Thread: Sinusoidal Functions-word problem

1. Sinusoidal Functions-word problem

I really need help on this problem:

A rodeo performer spins a lasso in a circle perpendicular to the ground. The height of the knot from the ground is modeled by h= -3 cos (5 pi/3 t) +3.5, where t is the time measured in seconds.

a. What's the highest point reached by the knot
b. Lowest point reached by the knot
c. the period of the model
d. According to the model, find the height of the knot after 25 seconds.

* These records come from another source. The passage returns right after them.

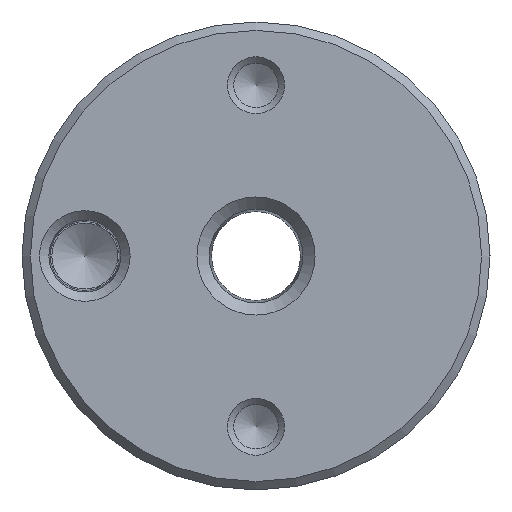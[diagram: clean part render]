
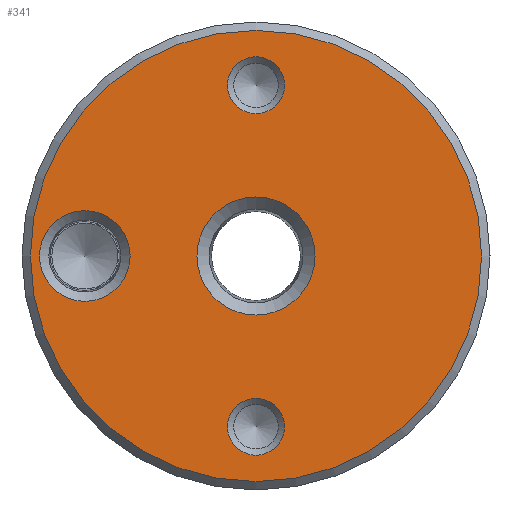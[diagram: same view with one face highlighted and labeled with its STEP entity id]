
A CAD part, left-side view. The second image highlights one B-rep face of the part: STEP entity #341.
In plain terms, the highlighted planar face has unit normal (-1, 0, 0).
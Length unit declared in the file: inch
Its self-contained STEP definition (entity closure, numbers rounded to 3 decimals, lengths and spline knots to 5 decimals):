
#17=PLANE($,#395);
#48=FACE_BOUND($,#126,.T.);
#49=FACE_BOUND($,#127,.T.);
#50=FACE_BOUND($,#128,.T.);
#51=FACE_BOUND($,#129,.T.);
#52=FACE_BOUND($,#130,.T.);
#126=EDGE_LOOP($,(#281));
#127=EDGE_LOOP($,(#282));
#128=EDGE_LOOP($,(#283));
#129=EDGE_LOOP($,(#284));
#130=EDGE_LOOP($,(#285));
#156=CIRCLE($,#360,0.215);
#160=CIRCLE($,#368,0.28);
#166=CIRCLE($,#379,0.135);
#169=CIRCLE($,#385,0.135);
#175=CIRCLE($,#396,1.07);
#187=VERTEX_POINT($,#550);
#191=VERTEX_POINT($,#562);
#197=VERTEX_POINT($,#579);
#200=VERTEX_POINT($,#588);
#206=VERTEX_POINT($,#605);
#218=EDGE_CURVE($,#187,#187,#156,.T.);
#222=EDGE_CURVE($,#191,#191,#160,.T.);
#228=EDGE_CURVE($,#197,#197,#166,.T.);
#231=EDGE_CURVE($,#200,#200,#169,.T.);
#237=EDGE_CURVE($,#206,#206,#175,.T.);
#281=ORIENTED_EDGE($,*,*,#218,.T.);
#282=ORIENTED_EDGE($,*,*,#222,.T.);
#283=ORIENTED_EDGE($,*,*,#228,.T.);
#284=ORIENTED_EDGE($,*,*,#231,.T.);
#285=ORIENTED_EDGE($,*,*,#237,.F.);
#341=ADVANCED_FACE($,(#48,#49,#50,#51,#52),#17,.T.);
#360=AXIS2_PLACEMENT_3D($,#551,#427,#428);
#368=AXIS2_PLACEMENT_3D($,#563,#443,#444);
#379=AXIS2_PLACEMENT_3D($,#580,#465,#466);
#385=AXIS2_PLACEMENT_3D($,#589,#477,#478);
#395=AXIS2_PLACEMENT_3D($,#604,#497,#498);
#396=AXIS2_PLACEMENT_3D($,#606,#499,#500);
#427=DIRECTION('center_axis',(1.,0.,0.));
#428=DIRECTION('ref_axis',(0.,0.,1.));
#443=DIRECTION('center_axis',(1.,0.,0.));
#444=DIRECTION('ref_axis',(0.,-1.,0.));
#465=DIRECTION('center_axis',(1.,0.,0.));
#466=DIRECTION('ref_axis',(0.,0.,1.));
#477=DIRECTION('center_axis',(1.,0.,0.));
#478=DIRECTION('ref_axis',(0.,0.,1.));
#497=DIRECTION('center_axis',(-1.,0.,0.));
#498=DIRECTION('ref_axis',(0.,0.,1.));
#499=DIRECTION('center_axis',(1.,0.,0.));
#500=DIRECTION('ref_axis',(0.,1.,0.));
#550=CARTESIAN_POINT('',(0.,0.812,0.215));
#551=CARTESIAN_POINT('Origin',(0.,0.812,0.));
#562=CARTESIAN_POINT('',(0.,-0.28,0.));
#563=CARTESIAN_POINT('Origin',(0.,0.,0.));
#579=CARTESIAN_POINT('',(0.,0.,
-0.675));
#580=CARTESIAN_POINT('Origin',(0.,0.,
-0.81));
#588=CARTESIAN_POINT('',(0.,0.,0.945));
#589=CARTESIAN_POINT('Origin',(0.,0.,0.81));
#604=CARTESIAN_POINT('Origin',(0.,0.535,0.));
#605=CARTESIAN_POINT('',(0.,1.07,0.));
#606=CARTESIAN_POINT('Origin',(0.,0.,0.));

2. $\displaystyle h=-3cos(\frac{5\pi}{3}t)+3,5$
a) the highest point reached by the knot is the maximum of this function:
$\displaystyle cos(\frac{5\pi}{3}t) \in <-1,1>$
$\displaystyle -3cos(\frac{5\pi}{3}t) \in <-3,3>$
$\displaystyle -3cos(\frac{5\pi}{3}t)+3,5 \in <0,5;6,5>$
the highest value we can get is $\displaystyle h=6,5$
b) and the lowest $\displaystyle h=0,5$
c) cosine function $\displaystyle cos t$ is periodic with period $\displaystyle 2\pi$, so $\displaystyle cos(\frac{5\pi}{3}t)$ is periodic with period $\displaystyle \frac{2\pi}{\frac{5\pi}{3}}=\frac{6}{5}$
d) $\displaystyle t=25$
$\displaystyle h=-3cos (\frac{5\pi}{3}*25)+3,5=-3cos (\frac{125\pi}{3})+3,5=$$\displaystyle -3cos(\frac{5\pi}{3})+3,5$
converting into degrees $\displaystyle \frac{5*180^o}{3}=300^o$
$\displaystyle h=-3cos(270^o+30^o)+3,5=-3*\frac{1}{2}+3,5=2$

3. Thanks